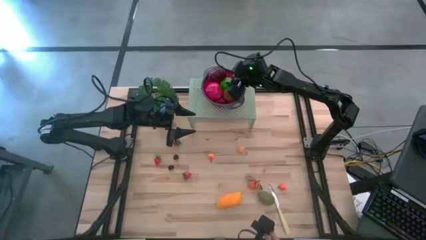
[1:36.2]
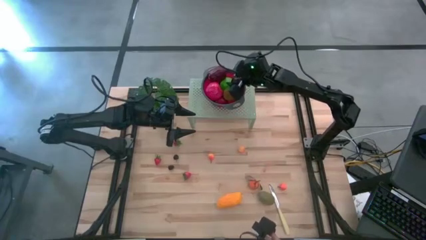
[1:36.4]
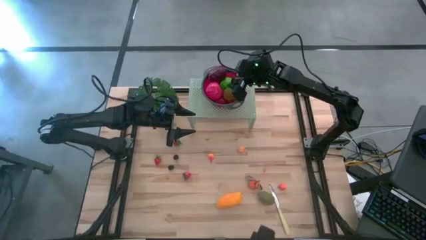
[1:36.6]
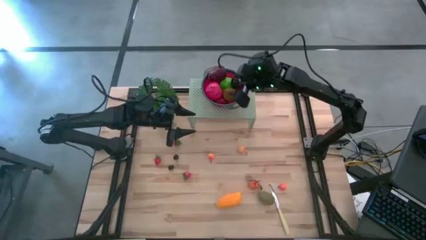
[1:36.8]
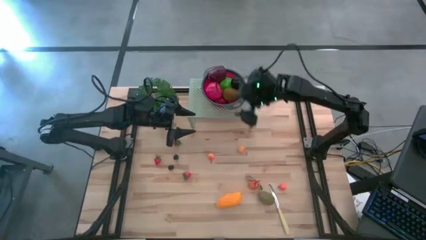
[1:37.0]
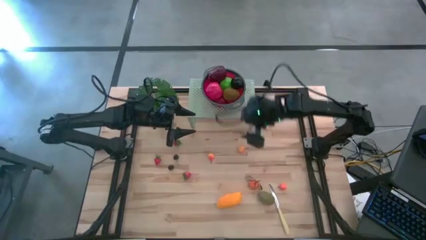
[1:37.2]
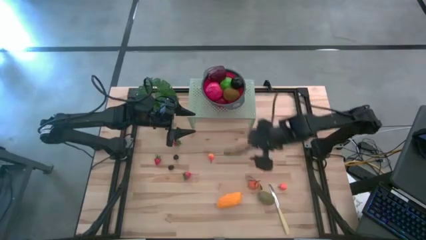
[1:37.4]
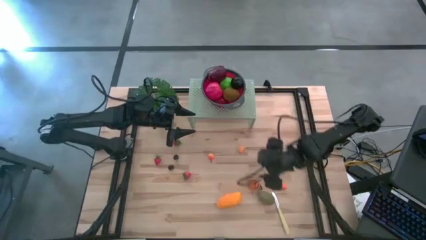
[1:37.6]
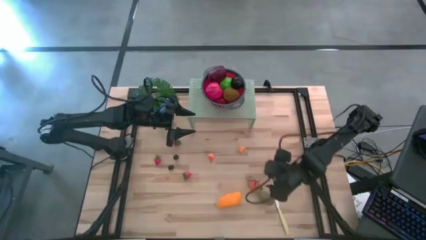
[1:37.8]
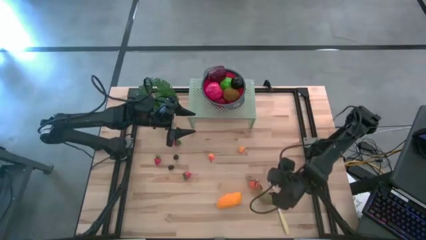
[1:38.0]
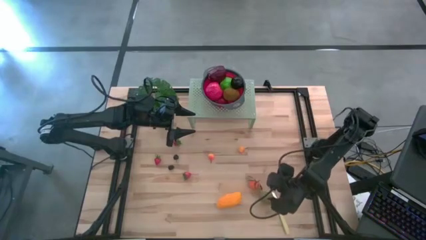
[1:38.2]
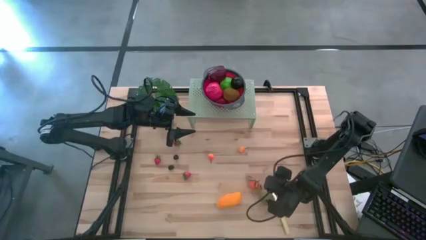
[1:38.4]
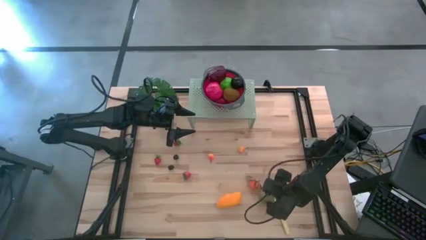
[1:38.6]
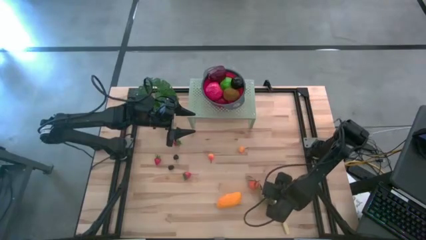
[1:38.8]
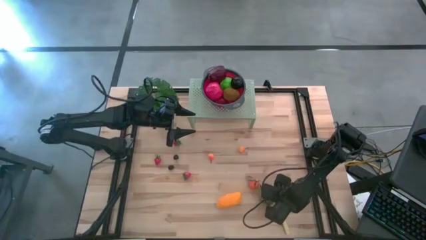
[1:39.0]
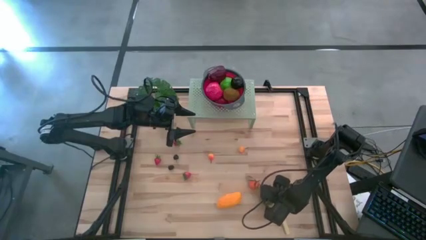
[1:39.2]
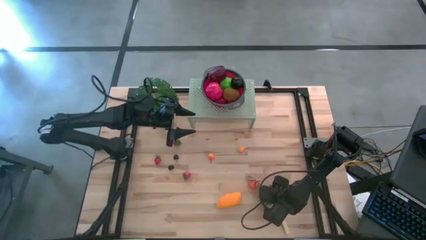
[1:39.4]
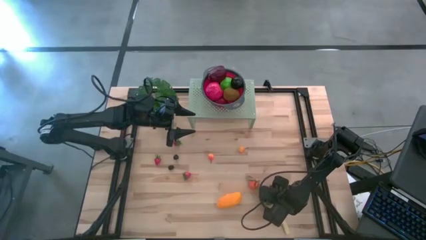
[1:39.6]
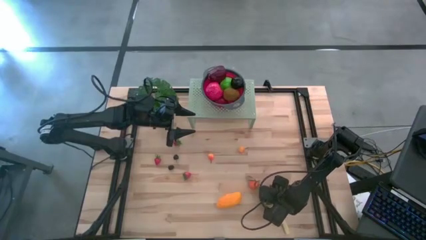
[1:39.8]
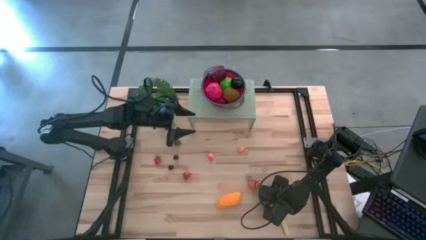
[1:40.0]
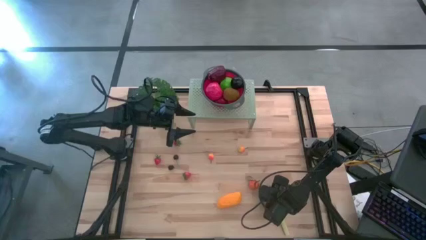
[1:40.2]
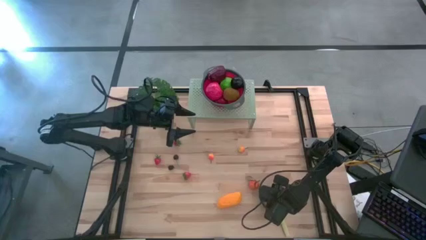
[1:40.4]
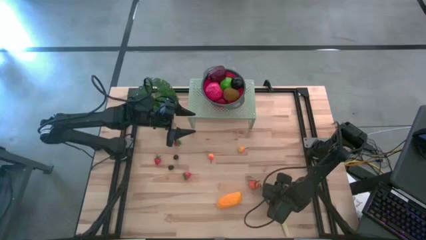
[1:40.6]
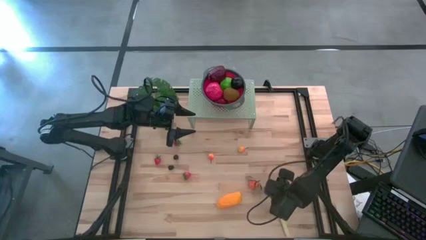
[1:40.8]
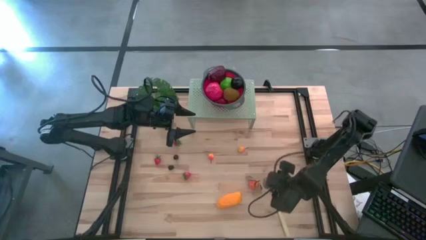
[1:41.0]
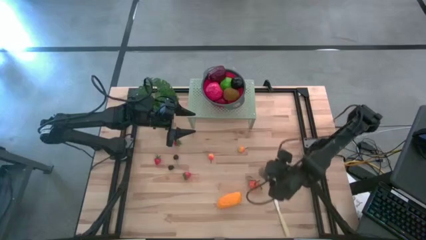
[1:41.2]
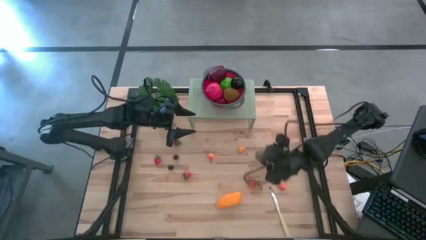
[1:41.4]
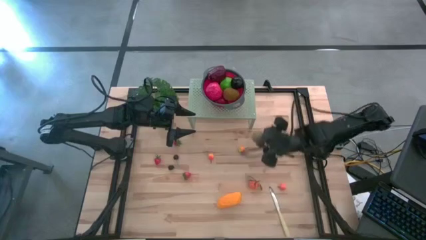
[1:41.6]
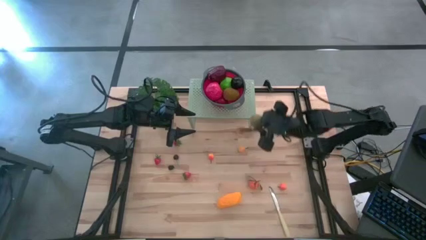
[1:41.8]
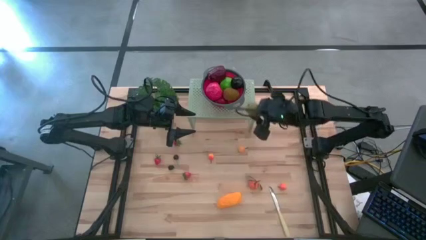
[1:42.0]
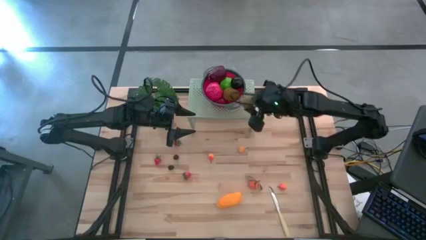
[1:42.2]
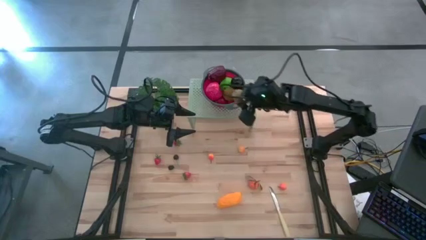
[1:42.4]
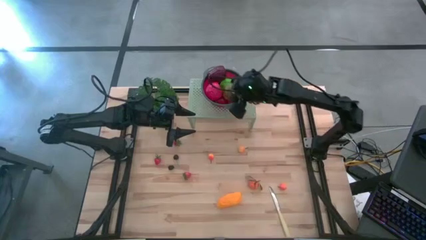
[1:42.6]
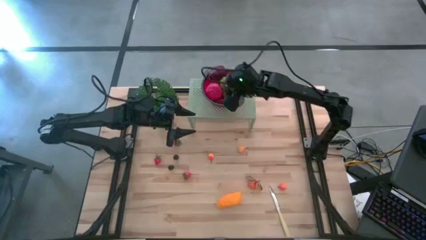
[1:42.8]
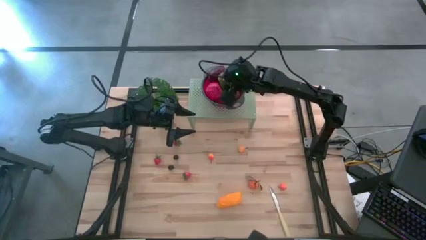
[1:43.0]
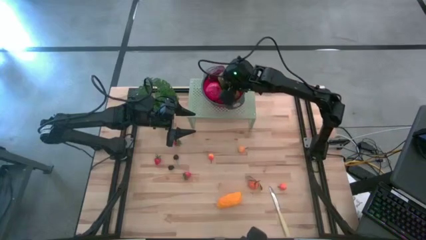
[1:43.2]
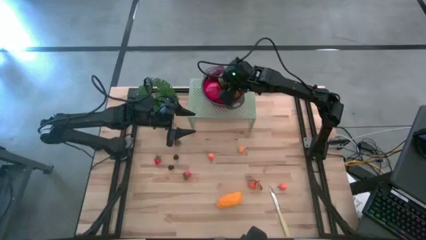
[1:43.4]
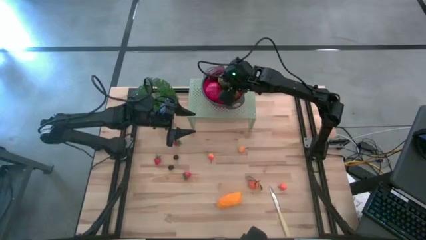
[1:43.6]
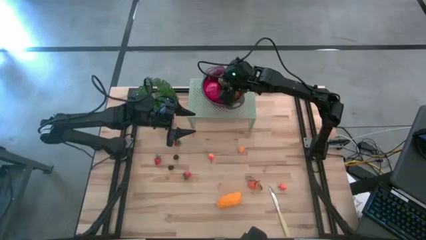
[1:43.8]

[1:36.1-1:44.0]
Put the kiwi into the red strainer bowl on the shelf

▶ **TASK TO COMPLETE**
From the first line to the last, set down the records word for word and drop the images.

▶ **SOLUTION TO THE PROBLEM**
[1:36.2]
[1:36.4]
[1:36.6]
[1:36.8]
[1:37.0]
[1:37.2]
[1:37.4]
[1:37.6]
[1:37.8]
[1:38.0]
[1:38.2]
[1:38.4]
[1:38.6]
[1:38.8]
[1:39.0]
[1:39.2]
[1:39.4]
[1:39.6]
[1:39.8]
[1:40.0]
[1:40.2]
[1:40.4]
[1:40.6]
[1:40.8]
[1:41.0]
[1:41.2]
[1:41.4]
[1:41.6]
[1:41.8]
[1:42.0]
[1:42.2]
[1:42.4]
[1:42.6]
[1:42.8]
[1:43.0]
[1:43.2]
[1:43.4]
[1:43.6]
[1:43.8]

[1:36.1-1:44.0]
Put the kiwi into the red strainer bowl on the shelf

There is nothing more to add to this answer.